In the second paragraph of the Results “Benchmarking VITAP against simulated viromes and new viruses” section, the text now reading “PhaGCN2 is unable to perform taxonomic assignments on sequences as short as 1-kb, but demonstrates comparable classification performance to other pipelines for longer sequences 5-kb” replaces the original “PhaGCN2 is unable to perform taxonomic assignments on short sequences and can only provide valid assignments for Duploviricota, its classification metrics are notably lower than those of the other pipelines.” In the fourth paragraph of the Results “Benchmarking VITAP against simulated viromes and new viruses” section, the text now reading “Meanwhile, VITAP attains annotation rates above 0.8 across 13 viral phyla on sequences of all lengths (except for Nucleocytoviricota, Artverviricota and Lenarviricota at 1 kb/5 kb). By contrast, CAT and geNomad are able to maintain annotation rates above 0.8 for all sequence lengths in only five (Peploviricota, Cressdnaviricota, Preplasmiviricota, Duplornaviricota, Kitrinoviricota) and two (Peploviricota, Uroviricota) viral phyla, respectively. PhaGCN2 achieves annotation rates of at least 0.8 for sequences longer than 5 kb from four viral phyla (Taleaviricota, Uroviricota, Saleviricota, Preplasmiviricota), whereas vConTACT2 fails to reach annotation rates of 0.8 for most viral phyla.” replaces the original “Meanwhile, VITAP attains annotation rates above 0.8 across 14 viral phyla on sequences of all lengths (except for Nucleocytoviricota and Artverviricota at 1/5 kb). By contrast, CAT and geNomad are able to maintain annotation rates above 0.8 for all sequence lengths in only three (Peploviricota, Preplasmiviricota, Duplornaviricota) and one (Uroviricota) viral phyla, respectively, whereas vConTACT2 and PhaGCN2 fail to reach annotation rates of 0.8 for most viral phyla.”

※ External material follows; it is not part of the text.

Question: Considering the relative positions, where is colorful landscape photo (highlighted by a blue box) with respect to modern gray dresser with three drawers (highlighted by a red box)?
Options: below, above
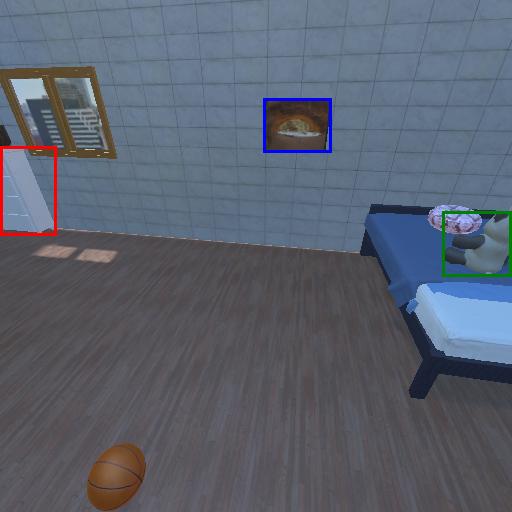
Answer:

In the second paragraph of the Results “The re-assessment of viral diversity in deep-sea environments” section, the text now reading “Although VPF-Class and PhaGCN2 achieved higher genus and family-level unit assignments compared to VITAP, their results were not considered to be highly reliable and exhaustive due to their outdated databases, suboptimal taxonomic assignment efficiency or low lineage annotation (Supplementary Figs. 1 and 2)” replaces the original “Although VPF-Class and PhaGCN2 achieved higher genus and family-level unit assignments compared to VITAP, their results were not considered to be highly reliable due to their outdated databases and suboptimal taxonomic assignment efficiency (Fig. 4 and Supplementary Fig. 1).”

In the Table 1 “Short sequence (as low as 1-kb) analysis” row, as low as 1-kb replaces the original “≤5-kb,” while in Table 2, the entry for PhaGCN2; 5-kb (h), the entry now lists “9.1” h in place of the original empty cell. At the end of the Fig. 6 legend, the text now reading “…(lineage score ≥0.6) for all viral phyla, and offer acceptable classification for most viral phyla at a medium-confidence level (0.1 ≤ lineage score <0.9)” replaces the original “…(lineage score ≥0.9) for all viral phyla, and offer acceptable classification for most viral phyla at a medium-confidence level (0.3 ≤ lineage score <0.6).”

For comparison, the original Figs. 3 and 4 are available as Supplementary Information alongside this amendment. In Supplementary Fig. 2a, the PhaGCN2 results change from “6011” to “3078” for both columns. The text, figures, tables and Supplementary Fig. 2 and Supplementary Data 2, 5 are updated in the HTML and PDF versions of the article.